YOUR TASK >> What to return is the tail of the data, from the line that contains "FILE_NAME(/* name */" down to the last line, copied exactly.

_ _ _ _

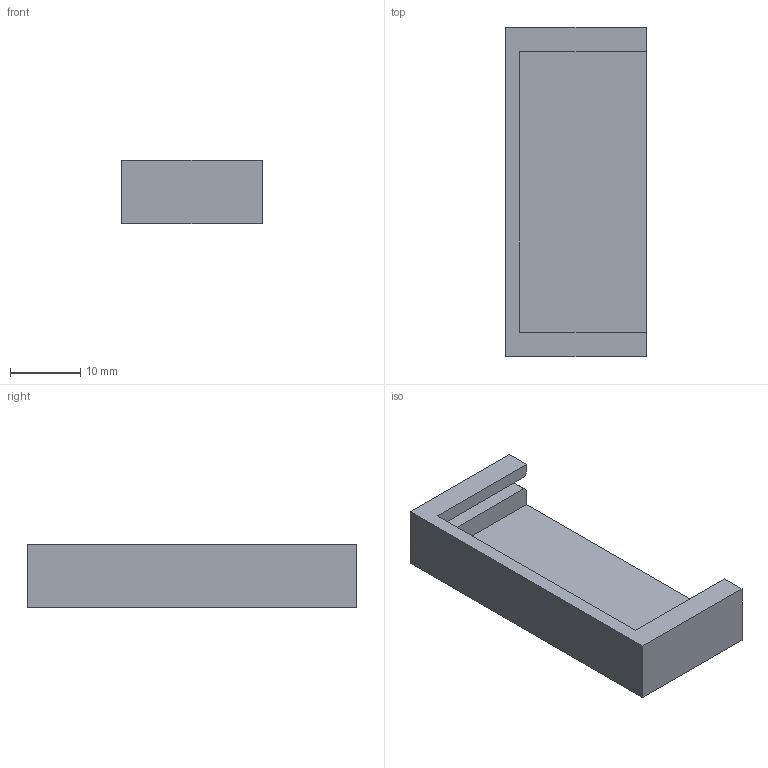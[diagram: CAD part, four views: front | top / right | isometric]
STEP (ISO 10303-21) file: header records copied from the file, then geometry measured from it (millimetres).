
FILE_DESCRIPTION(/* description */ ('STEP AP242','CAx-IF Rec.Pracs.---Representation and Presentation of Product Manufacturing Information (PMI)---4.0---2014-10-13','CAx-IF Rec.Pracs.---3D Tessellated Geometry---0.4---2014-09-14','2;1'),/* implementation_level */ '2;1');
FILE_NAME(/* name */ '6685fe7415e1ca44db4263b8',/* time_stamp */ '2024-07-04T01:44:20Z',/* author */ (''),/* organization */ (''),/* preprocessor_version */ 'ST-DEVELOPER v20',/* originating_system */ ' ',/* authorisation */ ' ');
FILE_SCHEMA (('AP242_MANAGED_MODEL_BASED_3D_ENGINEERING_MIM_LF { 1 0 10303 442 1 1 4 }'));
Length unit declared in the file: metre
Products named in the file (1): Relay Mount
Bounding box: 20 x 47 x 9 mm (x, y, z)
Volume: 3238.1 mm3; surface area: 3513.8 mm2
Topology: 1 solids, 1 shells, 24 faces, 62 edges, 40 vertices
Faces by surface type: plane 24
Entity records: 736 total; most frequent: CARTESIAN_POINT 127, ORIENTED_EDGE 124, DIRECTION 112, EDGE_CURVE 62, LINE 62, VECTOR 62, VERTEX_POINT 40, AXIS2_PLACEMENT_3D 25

_ _ _ _

RESULT OF THE TASK >>
FILE_NAME(/* name */ '6685fe7415e1ca44db4263b8',/* time_stamp */ '2024-07-04T01:44:20Z',/* author */ (''),/* organization */ (''),/* preprocessor_version */ 'ST-DEVELOPER v20',/* originating_system */ ' ',/* authorisation */ ' ');
FILE_SCHEMA (('AP242_MANAGED_MODEL_BASED_3D_ENGINEERING_MIM_LF { 1 0 10303 442 1 1 4 }'));
Length unit declared in the file: metre
Products named in the file (1): Relay Mount
Bounding box: 20 x 47 x 9 mm (x, y, z)
Volume: 3238.1 mm3; surface area: 3513.8 mm2
Topology: 1 solids, 1 shells, 24 faces, 62 edges, 40 vertices
Faces by surface type: plane 24
Entity records: 736 total; most frequent: CARTESIAN_POINT 127, ORIENTED_EDGE 124, DIRECTION 112, EDGE_CURVE 62, LINE 62, VECTOR 62, VERTEX_POINT 40, AXIS2_PLACEMENT_3D 25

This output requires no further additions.